Politik Pemerintahan

Pasca Sanksi dari Gubernur, Kapan APBD Jember 2021 akan Dibahas?

Ketua DPRD Jember Itqon Syauqi

Foto: Ketua DPRD Jember Itqon Syauqi

Jember (beritajatim.com) – Belum adanya peraturan daerah mengenai Anggaran Pendapatan Belanja Daerah Kabupaten Jember Tahun Anggaran 2020 membuat Bupati Faida terkena sanksi dari Gubernur Jawa Timur Khofifah Indar Parawansa.

Tiga bulan lagi tahun anggaran 2020 berakhir, dan memasuki tahun anggaran 2021. Kapan APBD Jember Tahun Anggaran 2021 akan dibahas legislatif dan eksekutif agar tak kembali terlambat?

Bupati Faida mengatakan, sudah mengajukan Rancangan APBD 2021. “Kami ajukan paling awal, tepat waktu. Kenyataannya sampai hari ini tidak dibahas juga oleh DPRD. Dan itu saya sangat paham, karena situasi politiknya memang sedang demikian,” katanya, di Rumah Sakit dr. Syaiful Anwar Malang, Rabu (9/9/2020).

Ketua DPRD Jember Itqon Syauqi mengatakan, masih ada persoalan dari naskah rancangan KUA-PPAS (Kebijakan Umum Anggaran Plafon Prioritas Anggaran Sementara) yang diajukan bupati. Persoalan ini sudah dikonsultasikan kepada Pemerintah Provinsi Jawa Timur. KUA-PPAS adalah dasar pembahasan Rancangan APBD yang harus disepakati bersama oleh eksekutif dan legislatif terlebih dulu.

“Ada perbedaan persepsi terkait tahapan pembahasan. Ada tahapan bahwa KUA-PPAS baru bisa dicetak dan dikirimkan ke DPRD setelah melampirkan Perbup RKPD (Peraturan Bupati Rencana Kerja Pembangunan Daerah),” kata Itqon.

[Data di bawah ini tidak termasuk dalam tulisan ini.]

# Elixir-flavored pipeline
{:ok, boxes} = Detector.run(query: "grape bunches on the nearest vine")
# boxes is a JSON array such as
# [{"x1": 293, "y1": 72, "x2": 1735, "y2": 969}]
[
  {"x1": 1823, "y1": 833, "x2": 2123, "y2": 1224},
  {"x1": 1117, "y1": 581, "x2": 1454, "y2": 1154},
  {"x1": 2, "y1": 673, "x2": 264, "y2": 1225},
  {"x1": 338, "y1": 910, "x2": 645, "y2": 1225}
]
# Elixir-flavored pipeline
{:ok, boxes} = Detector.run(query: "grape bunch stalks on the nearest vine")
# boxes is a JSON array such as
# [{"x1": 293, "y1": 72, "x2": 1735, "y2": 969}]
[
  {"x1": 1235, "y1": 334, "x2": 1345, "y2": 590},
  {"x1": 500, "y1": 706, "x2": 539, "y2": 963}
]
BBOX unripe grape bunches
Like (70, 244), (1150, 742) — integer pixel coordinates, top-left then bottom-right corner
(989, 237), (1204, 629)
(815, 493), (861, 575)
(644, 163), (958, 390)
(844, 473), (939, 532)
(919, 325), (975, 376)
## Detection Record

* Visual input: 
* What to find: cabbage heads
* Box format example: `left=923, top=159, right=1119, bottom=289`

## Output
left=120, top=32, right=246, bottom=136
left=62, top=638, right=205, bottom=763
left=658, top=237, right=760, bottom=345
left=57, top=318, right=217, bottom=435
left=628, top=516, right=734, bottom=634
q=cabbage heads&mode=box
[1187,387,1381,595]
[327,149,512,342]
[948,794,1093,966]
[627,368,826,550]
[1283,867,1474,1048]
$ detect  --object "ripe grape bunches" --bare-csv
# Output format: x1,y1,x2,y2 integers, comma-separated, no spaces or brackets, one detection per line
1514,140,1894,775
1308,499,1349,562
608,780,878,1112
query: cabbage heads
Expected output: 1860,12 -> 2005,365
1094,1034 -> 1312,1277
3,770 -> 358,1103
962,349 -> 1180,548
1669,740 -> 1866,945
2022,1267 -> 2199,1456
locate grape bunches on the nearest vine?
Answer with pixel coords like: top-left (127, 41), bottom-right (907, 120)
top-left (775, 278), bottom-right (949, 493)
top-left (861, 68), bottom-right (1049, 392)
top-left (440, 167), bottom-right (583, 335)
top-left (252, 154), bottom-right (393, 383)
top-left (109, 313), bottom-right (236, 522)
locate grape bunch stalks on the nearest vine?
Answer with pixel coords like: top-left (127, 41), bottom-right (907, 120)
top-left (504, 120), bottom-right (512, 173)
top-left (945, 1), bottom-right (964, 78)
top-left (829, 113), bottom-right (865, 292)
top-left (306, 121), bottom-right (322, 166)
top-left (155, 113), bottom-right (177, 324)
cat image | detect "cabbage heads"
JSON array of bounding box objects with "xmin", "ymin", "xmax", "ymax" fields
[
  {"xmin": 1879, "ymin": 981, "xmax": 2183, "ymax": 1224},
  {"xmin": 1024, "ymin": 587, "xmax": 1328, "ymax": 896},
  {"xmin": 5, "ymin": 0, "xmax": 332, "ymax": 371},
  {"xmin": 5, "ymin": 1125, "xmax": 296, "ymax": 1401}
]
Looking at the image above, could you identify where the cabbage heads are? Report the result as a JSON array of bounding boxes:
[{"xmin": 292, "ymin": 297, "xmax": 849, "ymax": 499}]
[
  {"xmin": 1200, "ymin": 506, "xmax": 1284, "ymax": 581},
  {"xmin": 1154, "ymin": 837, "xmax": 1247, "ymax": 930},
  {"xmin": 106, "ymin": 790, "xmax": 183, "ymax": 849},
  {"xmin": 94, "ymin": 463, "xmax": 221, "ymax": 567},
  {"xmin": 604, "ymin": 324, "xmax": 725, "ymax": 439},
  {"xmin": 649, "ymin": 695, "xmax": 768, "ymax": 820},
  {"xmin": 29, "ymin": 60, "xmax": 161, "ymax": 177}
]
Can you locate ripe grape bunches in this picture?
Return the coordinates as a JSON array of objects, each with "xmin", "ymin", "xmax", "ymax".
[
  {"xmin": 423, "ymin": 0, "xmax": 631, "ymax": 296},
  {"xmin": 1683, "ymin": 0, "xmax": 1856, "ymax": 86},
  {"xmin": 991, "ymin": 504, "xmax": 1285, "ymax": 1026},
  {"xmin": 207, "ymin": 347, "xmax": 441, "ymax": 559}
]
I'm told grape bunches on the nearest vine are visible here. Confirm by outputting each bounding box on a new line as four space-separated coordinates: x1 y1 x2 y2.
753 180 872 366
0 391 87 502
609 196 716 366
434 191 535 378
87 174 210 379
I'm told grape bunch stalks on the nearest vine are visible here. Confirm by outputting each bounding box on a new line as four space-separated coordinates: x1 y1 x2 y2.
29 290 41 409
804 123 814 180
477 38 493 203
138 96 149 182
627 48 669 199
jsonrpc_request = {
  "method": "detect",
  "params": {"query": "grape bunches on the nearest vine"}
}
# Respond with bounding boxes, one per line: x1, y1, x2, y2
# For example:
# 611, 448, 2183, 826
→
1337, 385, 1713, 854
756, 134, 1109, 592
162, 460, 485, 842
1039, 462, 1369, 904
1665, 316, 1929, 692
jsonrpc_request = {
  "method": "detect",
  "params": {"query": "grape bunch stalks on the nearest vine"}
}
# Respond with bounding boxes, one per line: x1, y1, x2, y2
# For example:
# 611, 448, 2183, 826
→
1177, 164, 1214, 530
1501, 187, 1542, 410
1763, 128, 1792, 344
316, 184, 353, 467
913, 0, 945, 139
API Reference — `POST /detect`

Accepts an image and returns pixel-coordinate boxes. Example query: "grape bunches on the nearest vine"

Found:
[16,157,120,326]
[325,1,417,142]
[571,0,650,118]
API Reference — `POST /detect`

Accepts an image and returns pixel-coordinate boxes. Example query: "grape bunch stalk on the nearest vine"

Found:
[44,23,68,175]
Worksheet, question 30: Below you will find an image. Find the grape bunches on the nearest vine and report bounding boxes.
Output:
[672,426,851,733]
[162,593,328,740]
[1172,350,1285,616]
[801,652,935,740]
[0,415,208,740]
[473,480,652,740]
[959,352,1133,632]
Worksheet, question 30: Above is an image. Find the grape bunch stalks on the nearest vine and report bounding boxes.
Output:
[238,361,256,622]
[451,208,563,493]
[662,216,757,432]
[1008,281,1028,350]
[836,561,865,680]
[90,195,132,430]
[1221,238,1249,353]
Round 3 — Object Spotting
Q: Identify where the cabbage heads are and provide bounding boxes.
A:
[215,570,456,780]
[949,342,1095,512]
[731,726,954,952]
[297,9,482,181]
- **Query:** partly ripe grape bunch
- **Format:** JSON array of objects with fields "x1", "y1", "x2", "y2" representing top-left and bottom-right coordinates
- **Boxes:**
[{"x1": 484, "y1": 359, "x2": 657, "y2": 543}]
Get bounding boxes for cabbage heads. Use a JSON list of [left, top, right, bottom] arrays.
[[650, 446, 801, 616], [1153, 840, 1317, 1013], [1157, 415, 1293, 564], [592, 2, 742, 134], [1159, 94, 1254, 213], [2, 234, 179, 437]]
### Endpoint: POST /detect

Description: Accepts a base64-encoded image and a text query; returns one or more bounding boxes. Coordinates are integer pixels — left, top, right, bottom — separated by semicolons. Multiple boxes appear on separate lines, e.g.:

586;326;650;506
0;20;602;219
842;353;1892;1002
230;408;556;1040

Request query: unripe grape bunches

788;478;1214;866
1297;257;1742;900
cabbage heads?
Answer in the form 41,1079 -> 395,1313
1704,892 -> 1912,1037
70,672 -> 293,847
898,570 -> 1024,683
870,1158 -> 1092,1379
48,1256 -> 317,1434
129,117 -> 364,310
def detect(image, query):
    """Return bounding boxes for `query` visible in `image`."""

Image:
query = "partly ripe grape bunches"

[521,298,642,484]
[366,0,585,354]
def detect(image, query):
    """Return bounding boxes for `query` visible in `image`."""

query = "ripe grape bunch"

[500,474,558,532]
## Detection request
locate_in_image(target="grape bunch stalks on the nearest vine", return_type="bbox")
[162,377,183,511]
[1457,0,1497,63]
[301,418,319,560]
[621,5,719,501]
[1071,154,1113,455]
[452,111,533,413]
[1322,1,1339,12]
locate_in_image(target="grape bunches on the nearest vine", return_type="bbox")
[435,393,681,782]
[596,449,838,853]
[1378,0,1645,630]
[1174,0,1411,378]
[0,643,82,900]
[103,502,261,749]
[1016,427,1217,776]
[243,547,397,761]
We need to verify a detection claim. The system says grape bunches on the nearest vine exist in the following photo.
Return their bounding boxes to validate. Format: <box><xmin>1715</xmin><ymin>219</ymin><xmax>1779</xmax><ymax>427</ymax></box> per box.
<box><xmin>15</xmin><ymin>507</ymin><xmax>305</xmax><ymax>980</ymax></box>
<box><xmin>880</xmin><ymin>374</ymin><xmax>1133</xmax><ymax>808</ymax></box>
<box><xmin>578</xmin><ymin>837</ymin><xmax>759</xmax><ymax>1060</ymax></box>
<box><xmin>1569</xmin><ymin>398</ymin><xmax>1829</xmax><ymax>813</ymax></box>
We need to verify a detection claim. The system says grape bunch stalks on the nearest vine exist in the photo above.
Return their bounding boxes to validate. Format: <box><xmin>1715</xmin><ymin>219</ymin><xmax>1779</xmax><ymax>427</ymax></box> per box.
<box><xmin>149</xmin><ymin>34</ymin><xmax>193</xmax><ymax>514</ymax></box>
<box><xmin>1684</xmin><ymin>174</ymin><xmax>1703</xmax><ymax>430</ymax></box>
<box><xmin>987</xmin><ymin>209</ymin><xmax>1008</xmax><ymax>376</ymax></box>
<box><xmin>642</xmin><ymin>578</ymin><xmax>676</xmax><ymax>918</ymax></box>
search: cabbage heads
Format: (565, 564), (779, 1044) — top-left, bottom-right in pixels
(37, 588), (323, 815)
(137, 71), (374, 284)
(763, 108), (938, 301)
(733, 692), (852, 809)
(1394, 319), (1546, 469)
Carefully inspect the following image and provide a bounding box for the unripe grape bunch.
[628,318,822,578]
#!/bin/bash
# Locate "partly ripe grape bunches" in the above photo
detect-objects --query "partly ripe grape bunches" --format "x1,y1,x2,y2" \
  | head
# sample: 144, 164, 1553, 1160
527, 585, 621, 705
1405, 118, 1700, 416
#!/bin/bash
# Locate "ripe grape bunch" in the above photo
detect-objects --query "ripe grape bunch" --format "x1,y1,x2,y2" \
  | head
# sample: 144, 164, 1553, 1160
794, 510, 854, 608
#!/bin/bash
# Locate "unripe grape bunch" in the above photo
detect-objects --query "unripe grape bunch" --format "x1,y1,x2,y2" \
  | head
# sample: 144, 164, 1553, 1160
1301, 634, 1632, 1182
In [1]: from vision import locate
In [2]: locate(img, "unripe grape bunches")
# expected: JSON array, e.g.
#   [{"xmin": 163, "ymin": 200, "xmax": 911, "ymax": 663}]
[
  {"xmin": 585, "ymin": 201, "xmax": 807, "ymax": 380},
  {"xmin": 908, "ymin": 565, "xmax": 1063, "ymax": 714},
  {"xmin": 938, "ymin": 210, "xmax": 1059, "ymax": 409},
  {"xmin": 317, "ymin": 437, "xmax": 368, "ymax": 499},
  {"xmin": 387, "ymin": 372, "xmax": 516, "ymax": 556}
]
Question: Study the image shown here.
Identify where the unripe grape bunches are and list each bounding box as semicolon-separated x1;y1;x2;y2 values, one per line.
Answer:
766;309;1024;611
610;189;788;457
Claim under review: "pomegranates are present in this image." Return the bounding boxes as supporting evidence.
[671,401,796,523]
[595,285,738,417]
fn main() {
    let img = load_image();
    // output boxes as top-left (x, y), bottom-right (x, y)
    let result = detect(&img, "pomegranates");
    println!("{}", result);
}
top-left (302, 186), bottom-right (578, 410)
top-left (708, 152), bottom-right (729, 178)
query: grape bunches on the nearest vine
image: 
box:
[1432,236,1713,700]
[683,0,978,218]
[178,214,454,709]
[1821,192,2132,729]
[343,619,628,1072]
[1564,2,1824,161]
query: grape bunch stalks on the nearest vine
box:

Bupati Faida mengirimkan dokumen KUA-PPAS APBD 2021 ke DPRD Jember pada 10 Juli 2020. “Dalam aturan di Peraturan Mendagri, Perbup tentang RKPD Jember baru bisa diundangkan maksimal tujuh hari setelah Peraturan Gubernur tentang RKPD Jawa Timur disahkan. Nah, RKPD Provinsi ini baru disahkan pada 20 Juli 2020. Jadi bagaimana mungkin KUA-PPAS APBD Jember lahir 10 hari sebelumnya?” kata Itqon.

Itqon sudah mendapat konfirmasi dari BPKAD (Badan Pengelola Keuangan dan Aset Daerah) Jawa Timur bahwa validasi dan pengundangan Peraturan Bupati RKPD Kabupaten Jember baru dilakukan pada 11 Agustus 2020. “Jadi idealnya, bupati paling cepat mengirimkan KUA-PPAS ke DPRD Jember pada 12 Agustus 2020,:” katanya.

Namun saat KUA-PPAS belum dibahas, bupati malah sudah mengirimkan naskah rancangan APBD 2021 pada 18 Agustus. “Kami Badan Anggaran masih menganggap bahwa KUA-PPAS ini belum ada karena bupati belum mengirim rancangan KUA-PPAS tertanggal minimal 12 Agustus. Persepsi kami ini masih tahap pembahasan KUA-PPAS, persepsi bupati ini sudah tahapan pembahasan Rancangan APBD 2021,” kata Itqon.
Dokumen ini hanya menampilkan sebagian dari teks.